На балкон дверь открыта. По праздникам не работает кондитерская фабрика имени Клары Цеткин, и ванилью не слишком разит.

Яша смотрит на стенные часы, деревенские ходики — их когда-то привез гуру из Пензенской области и приколотил на стене в городской квартире: уютно.

До салюта десять минут.

— Поглядим на ихний салют,— цедит Яша сквозь зубы.— А потом уж я поплыву, пожалуй. Домой надо. Буду звонить, как и что...

— Уж ты, Яшечка, нас надолго не оставляй, одиноко нам будет.

— Не оставляю!

И все трое идут на балкон. Там, внизу, не дождавшись первого залпа, ребятишки уже пробуют голоса, как артисты перед выходом на подмостки. «Салю-ю-ют!» — кто-то звонко кричит. И с другого конца двора впереклич ему раздается: «Салю-ю-ют!»


— Бог упал! — пробивается голос сквозь визги толпы.

— Бог упал!

— Навернулся...

— И лошадь с ним...

Нам — уйти бы. Смотаться бы мне, уведя с собой Васю: по Никольской, то есть по улице 25-го Октября, переулочками и куда-нибудь вниз, к реке.
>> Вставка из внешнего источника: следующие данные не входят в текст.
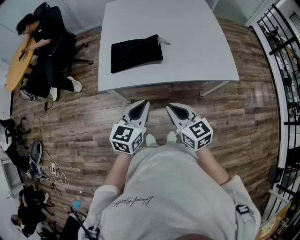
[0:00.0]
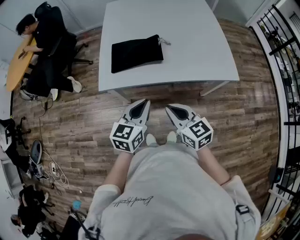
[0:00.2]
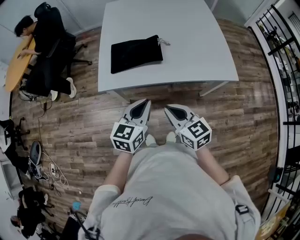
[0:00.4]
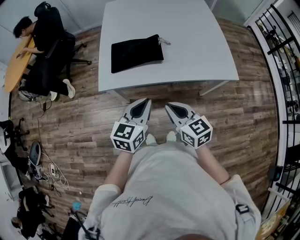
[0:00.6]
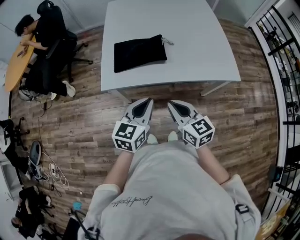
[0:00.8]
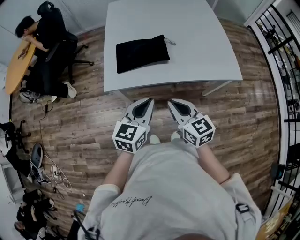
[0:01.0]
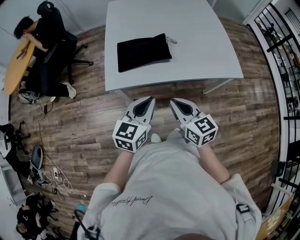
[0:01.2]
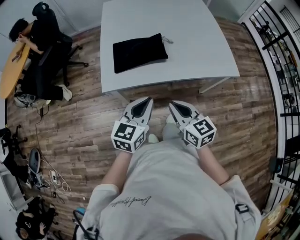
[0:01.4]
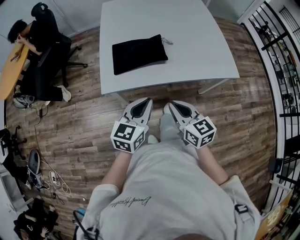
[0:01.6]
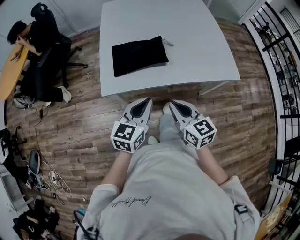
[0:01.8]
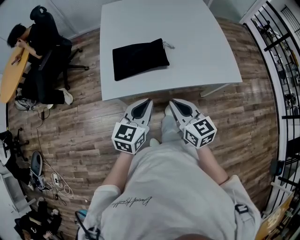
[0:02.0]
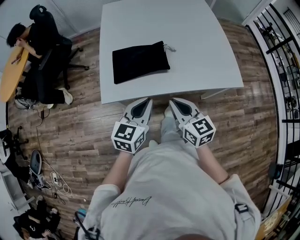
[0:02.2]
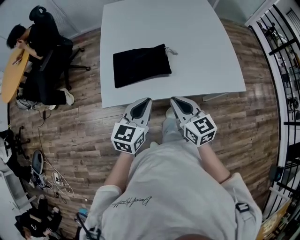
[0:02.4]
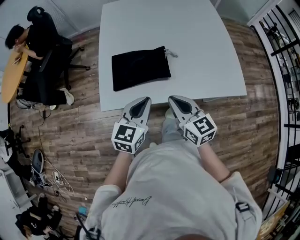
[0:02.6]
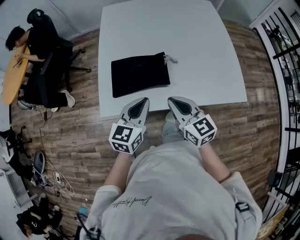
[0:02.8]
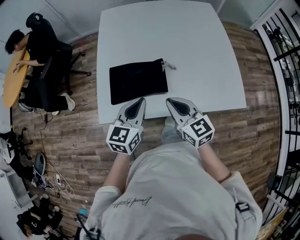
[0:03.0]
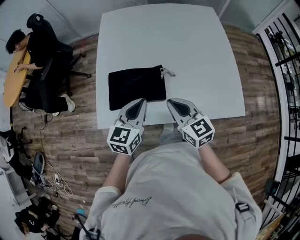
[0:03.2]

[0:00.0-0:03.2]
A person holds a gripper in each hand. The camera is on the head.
0:00.0 to 0:01.6: The grippers stay close to where they were, moving slightly.
0:01.6 to 0:03.2: Both grippers move forward, approximately 20 cm.

Но нет сил: я уже догадался о чем-то, и в потоке людском, полупьяном, гогочущем, стонущем, держа за руку сына, хромаю я вниз, в круговерть Театральной площади. Не могу удержаться, смотрю на Большой: так и есть, три коня возвышаются, копыта подняв, а четвертого, крайнего, нет. И бога на месте нет. Тут прожектор, озаряю­щий Аполлона, погас — догадались его погасить. И Большой, величавый ГАБТ, погрузился во тьму.

— Бог упал! Бог упал только что! — расползается по толпе.

— Да чего разорались: «Упал, упал!»? — Старикашка какой-то, из русских людей, насквозь изъеденных скепсисом.— Бог давно уж упал, еще в тысяча девятьсот семнадцатом.

— Может, сбросили бога?

— А его еще в семнадцатом сбросили.— Старикашка не унимается, язвитель­но шамкает.

— Так другого же сбросили, нашего. А этот языческий...

— Греческий...

Пробираются сквозь толпу фургончики: «Скорая медицинская помощь». Их аж три, пробираются они с разных сторон. Ага, вот и знакомое: «Мосгаз. Аварий­ная». Красно-желтая будочка на колесах подкатила: по-нят-но!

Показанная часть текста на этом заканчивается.